··· TASK MATERIAL

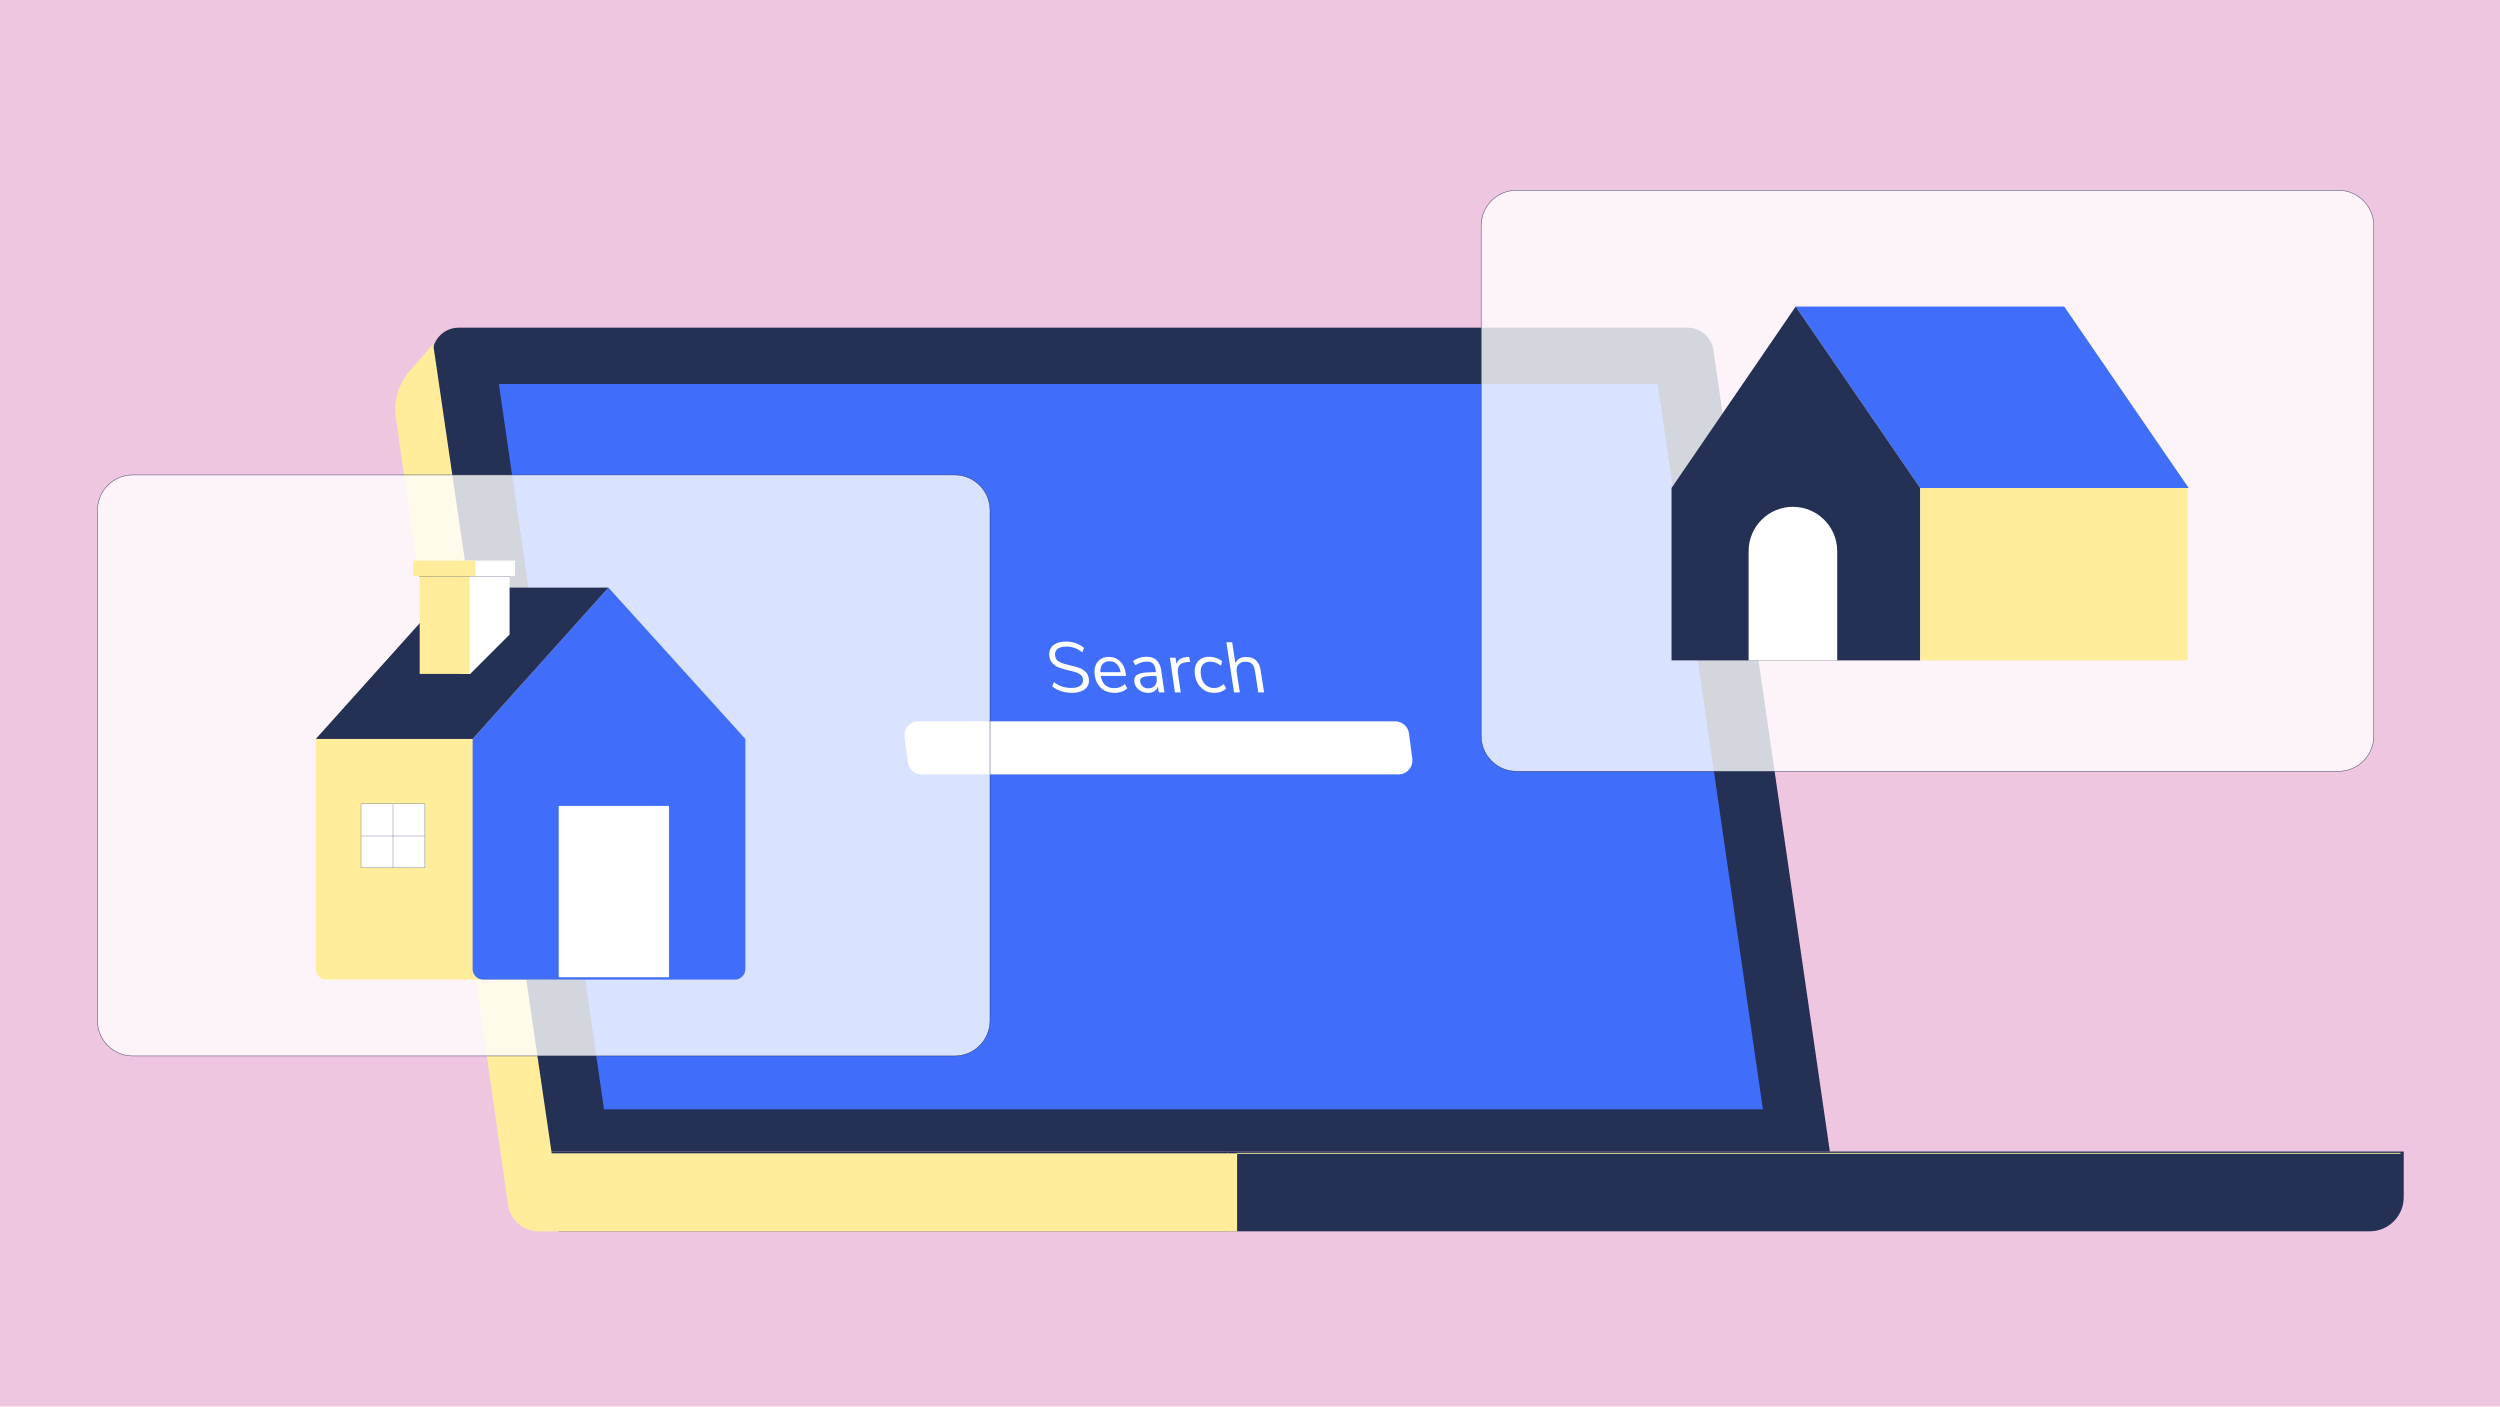 <svg width="1166" height="656" viewBox="0 0 1166 656" fill="none" xmlns="http://www.w3.org/2000/svg">
<rect width="1166" height="656" fill="#EFC6DF"/>
<path d="M853.415 537.095H255.646L201.848 166.761C200.772 159.404 206.472 152.832 213.917 152.832H787.054C793.103 152.832 798.25 157.281 799.123 163.272L853.444 537.095H853.415Z" fill="#253055"/>
<path d="M822.212 517.379H281.702L232.673 179.091H773.183L822.212 517.379Z" fill="#406DFA"/>
<path d="M652.239 361.19H429.894C426.637 361.19 423.874 358.777 423.438 355.52L421.897 343.742C421.402 339.846 424.427 336.414 428.353 336.414H650.698C653.955 336.414 656.718 338.828 657.154 342.085L658.695 353.862C659.19 357.759 656.165 361.19 652.239 361.19Z" fill="white"/>
<path d="M490.729 320.217L491.543 318.123C492.823 319.112 494.102 319.809 495.382 320.217C496.661 320.624 498.086 320.856 499.686 320.856C501.576 320.856 503.001 320.478 503.931 319.751C504.862 319.024 505.24 317.977 505.066 316.669C504.949 315.884 504.629 315.273 504.077 314.779C503.524 314.284 502.826 313.906 501.983 313.615C501.14 313.325 500.035 313.034 498.639 312.714C496.749 312.307 495.207 311.842 493.986 311.376C492.765 310.911 491.718 310.242 490.904 309.37C490.06 308.497 489.566 307.363 489.391 305.997C489.217 304.659 489.421 303.496 490.002 302.449C490.555 301.431 491.456 300.617 492.678 300.064C493.899 299.512 495.353 299.221 497.069 299.221C498.697 299.221 500.238 299.483 501.692 299.977C503.175 300.5 504.455 301.227 505.56 302.158L504.804 304.252C503.553 303.292 502.361 302.594 501.14 302.187C499.948 301.751 498.668 301.547 497.359 301.547C495.527 301.547 494.161 301.925 493.23 302.681C492.299 303.437 491.921 304.513 492.096 305.88C492.241 307.043 492.823 307.945 493.812 308.526C494.8 309.137 496.254 309.632 498.145 310.068C500.238 310.562 501.867 310.998 503.088 311.405C504.31 311.812 505.327 312.423 506.229 313.237C507.101 314.052 507.625 315.157 507.828 316.523C508.003 317.861 507.828 319.024 507.247 320.013C506.665 321.002 505.763 321.787 504.513 322.31C503.263 322.863 501.75 323.125 500.006 323.125C496.313 323.125 493.259 322.136 490.787 320.158L490.729 320.217Z" fill="white"/>
<path d="M525.247 315.244H513.353C513.702 317.134 514.4 318.559 515.476 319.519C516.552 320.478 517.948 320.973 519.664 320.973C521.554 320.973 523.211 320.333 524.607 319.053L525.771 321.002C525.16 321.671 524.316 322.194 523.241 322.572C522.165 322.95 521.06 323.154 519.896 323.154C517.366 323.154 515.244 322.427 513.586 320.944C511.928 319.461 510.911 317.396 510.562 314.808C510.329 313.15 510.474 311.667 510.94 310.417C511.405 309.137 512.19 308.148 513.266 307.451C514.342 306.753 515.622 306.375 517.105 306.375C519.257 306.375 521.03 307.072 522.455 308.497C523.88 309.893 524.753 311.842 525.073 314.284L525.218 315.273L525.247 315.244ZM514.197 309.748C513.47 310.649 513.121 311.9 513.179 313.499H522.63C522.368 311.871 521.787 310.591 520.885 309.719C519.984 308.846 518.849 308.41 517.454 308.41C516.058 308.41 514.953 308.846 514.226 309.748H514.197Z" fill="white"/>
<path d="M539.409 307.916C540.572 308.963 541.299 310.562 541.619 312.714L543.073 322.921H540.427L540.049 320.158C539.758 321.118 539.235 321.845 538.42 322.369C537.635 322.892 536.646 323.154 535.512 323.154C534.465 323.154 533.477 322.95 532.517 322.514C531.586 322.107 530.801 321.496 530.191 320.74C529.58 319.984 529.202 319.17 529.086 318.239C528.911 317.018 529.086 316.087 529.638 315.389C530.162 314.721 531.121 314.226 532.517 313.935C533.913 313.645 535.861 313.499 538.391 313.499H539.118L538.973 312.394C538.769 311.056 538.362 310.068 537.722 309.457C537.083 308.846 536.152 308.556 534.902 308.556C533.041 308.556 531.267 309.137 529.58 310.271L528.417 308.323C529.173 307.712 530.133 307.247 531.267 306.869C532.401 306.491 533.535 306.316 534.64 306.316C536.705 306.316 538.304 306.84 539.467 307.887L539.409 307.916ZM538.682 319.664C539.409 318.763 539.671 317.599 539.467 316.204L539.322 315.244H538.711C536.763 315.244 535.28 315.331 534.262 315.506C533.273 315.68 532.575 315.942 532.197 316.349C531.819 316.727 531.674 317.309 531.79 318.065C531.906 318.937 532.343 319.635 533.041 320.217C533.768 320.769 534.582 321.06 535.541 321.06C536.879 321.06 537.926 320.624 538.653 319.722L538.682 319.664Z" fill="white"/>
<path d="M555.141 308.672L553.397 308.846C551.739 308.992 550.634 309.515 549.994 310.417C549.383 311.289 549.18 312.394 549.354 313.703L550.692 322.95H547.988L545.661 306.782H548.278L548.686 309.602C549.325 307.712 550.954 306.665 553.6 306.433L554.56 306.375L555.141 308.701V308.672Z" fill="white"/>
<path d="M562.091 322.107C560.812 321.409 559.765 320.449 558.922 319.199C558.108 317.948 557.555 316.494 557.322 314.808C557.09 313.121 557.177 311.638 557.642 310.359C558.108 309.079 558.893 308.09 559.969 307.392C561.045 306.694 562.382 306.316 563.982 306.316C565.058 306.316 566.163 306.52 567.268 306.898C568.373 307.276 569.303 307.799 570.03 308.439L569.42 310.446C567.704 309.195 566.046 308.585 564.476 308.585C562.818 308.585 561.597 309.137 560.812 310.213C560.056 311.289 559.794 312.83 560.085 314.808C560.376 316.756 561.074 318.268 562.15 319.315C563.255 320.362 564.621 320.915 566.308 320.915C567.878 320.915 569.361 320.304 570.699 319.053L571.891 321.06C571.31 321.7 570.496 322.223 569.507 322.601C568.518 322.979 567.471 323.154 566.337 323.154C564.738 323.154 563.284 322.805 562.004 322.136L562.091 322.107Z" fill="white"/>
<path d="M587.973 312.743L589.572 322.921H586.868L585.297 312.918C585.065 311.405 584.599 310.3 583.901 309.632C583.203 308.934 582.215 308.614 580.935 308.614C579.452 308.614 578.318 309.079 577.591 309.98C576.835 310.882 576.573 312.132 576.835 313.674L578.26 322.95H575.555L571.979 299.541H574.683L576.195 309.37C576.573 308.41 577.213 307.654 578.056 307.16C578.929 306.636 579.976 306.404 581.197 306.404C585.094 306.404 587.362 308.556 588.031 312.801L587.973 312.743Z" fill="white"/>
<path d="M572.589 574.318H260.59L255.646 537.095H572.589V574.318Z" fill="#253055"/>
<path d="M1105.22 574.289L572.589 574.289V537.066L1121.1 537.066V558.411C1121.1 567.164 1114 574.289 1105.22 574.289Z" fill="#253055"/>
<path d="M202.023 160.48L257.304 537.91H576.98V574.318H251.343C244.102 574.318 237.966 568.996 236.948 561.813L184.633 194.766C183.528 186.914 185.883 178.975 191.089 173.014L202.023 160.509V160.48Z" fill="#FFED9C"/>
<path d="M576.98 537.91H1119.44" stroke="#FFED9C" stroke-width="0.45" stroke-linecap="round" stroke-linejoin="round"/>
<path opacity="0.8" d="M1090.65 88.769H707.288C698.198 88.769 690.829 96.138 690.829 105.228V343.277C690.829 352.367 698.198 359.736 707.288 359.736H1090.65C1099.74 359.736 1107.11 352.367 1107.11 343.277V105.228C1107.11 96.138 1099.74 88.769 1090.65 88.769Z" fill="white" stroke="#253055" stroke-width="0.25" stroke-miterlimit="10"/>
<path d="M1020.8 227.597H895.581L837.508 142.974H962.756L1020.8 227.597Z" fill="#406DFA"/>
<path d="M837.508 142.974L779.61 227.597V308.003H895.581V227.597L837.508 142.974Z" fill="#253055"/>
<path d="M895.61 308.003H1020.31V227.597H895.61V308.003Z" fill="#FFED9C"/>
<path d="M836.2 236.379C847.599 236.379 856.875 245.626 856.875 257.055V308.032H815.553V257.055C815.553 245.655 824.8 236.379 836.229 236.379H836.2Z" fill="white"/>
<path opacity="0.8" d="M445.277 221.519H61.915C52.825 221.519 45.456 228.888 45.456 237.978V476.027C45.456 485.117 52.825 492.487 61.915 492.487H445.277C454.367 492.487 461.736 485.117 461.736 476.027V237.978C461.736 228.888 454.367 221.519 445.277 221.519Z" fill="white" stroke="#253055" stroke-width="0.25" stroke-miterlimit="10"/>
<path d="M269.459 456.893H152.238C149.504 456.893 147.294 454.683 147.294 451.949V344.644L210.66 274.096L274.49 344.644V451.92C274.49 454.683 272.251 456.922 269.488 456.922L269.459 456.893Z" fill="#FFED9C"/>
<path d="M342.596 456.893H225.374C222.641 456.893 220.431 454.683 220.431 451.949V344.644L283.796 274.096L347.626 344.644V451.92C347.626 454.683 345.387 456.922 342.625 456.922L342.596 456.893Z" fill="#406DFA"/>
<path d="M210.66 274.067H283.796L220.431 344.644H147.294L210.66 274.067Z" fill="#253055"/>
<path d="M198.184 374.916H168.377V404.723H198.184V374.916Z" fill="white" stroke="#253055" stroke-width="0.13" stroke-linecap="round" stroke-linejoin="round"/>
<path d="M183.295 375.149V404.723" stroke="#253055" stroke-width="0.13" stroke-linecap="round" stroke-linejoin="round"/>
<path d="M168.494 389.921H198.068" stroke="#253055" stroke-width="0.13" stroke-linecap="round" stroke-linejoin="round"/>
<path d="M237.675 295.935V266.826H214.382V314.342H219.267L237.675 295.935Z" fill="white"/>
<path d="M219.035 266.826H195.742V314.313H219.035V266.826Z" fill="#FFED9C"/>
<path d="M240.234 261.475H211.125V268.687H240.234V261.475Z" fill="white"/>
<path d="M221.826 261.475H192.717V268.687H221.826V261.475Z" fill="#FFED9C"/>
<path d="M195.509 268.92H237.908" stroke="#253055" stroke-width="0.13" stroke-linecap="round" stroke-linejoin="round"/>
<path d="M312.032 375.876H260.59V455.788H312.032V375.876Z" fill="white"/>
</svg>

······

Reproduce exactly the entries above, limited to the lines from the one with "307.916C540.572 308.963 541.299" through the one with "308.672L553.397 308.846C551.739 308.992", both included.

<path d="M539.409 307.916C540.572 308.963 541.299 310.562 541.619 312.714L543.073 322.921H540.427L540.049 320.158C539.758 321.118 539.235 321.845 538.42 322.369C537.635 322.892 536.646 323.154 535.512 323.154C534.465 323.154 533.477 322.95 532.517 322.514C531.586 322.107 530.801 321.496 530.191 320.74C529.58 319.984 529.202 319.17 529.086 318.239C528.911 317.018 529.086 316.087 529.638 315.389C530.162 314.721 531.121 314.226 532.517 313.935C533.913 313.645 535.861 313.499 538.391 313.499H539.118L538.973 312.394C538.769 311.056 538.362 310.068 537.722 309.457C537.083 308.846 536.152 308.556 534.902 308.556C533.041 308.556 531.267 309.137 529.58 310.271L528.417 308.323C529.173 307.712 530.133 307.247 531.267 306.869C532.401 306.491 533.535 306.316 534.64 306.316C536.705 306.316 538.304 306.84 539.467 307.887L539.409 307.916ZM538.682 319.664C539.409 318.763 539.671 317.599 539.467 316.204L539.322 315.244H538.711C536.763 315.244 535.28 315.331 534.262 315.506C533.273 315.68 532.575 315.942 532.197 316.349C531.819 316.727 531.674 317.309 531.79 318.065C531.906 318.937 532.343 319.635 533.041 320.217C533.768 320.769 534.582 321.06 535.541 321.06C536.879 321.06 537.926 320.624 538.653 319.722L538.682 319.664Z" fill="white"/>
<path d="M555.141 308.672L553.397 308.846C551.739 308.992 550.634 309.515 549.994 310.417C549.383 311.289 549.18 312.394 549.354 313.703L550.692 322.95H547.988L545.661 306.782H548.278L548.686 309.602C549.325 307.712 550.954 306.665 553.6 306.433L554.56 306.375L555.141 308.701V308.672Z" fill="white"/>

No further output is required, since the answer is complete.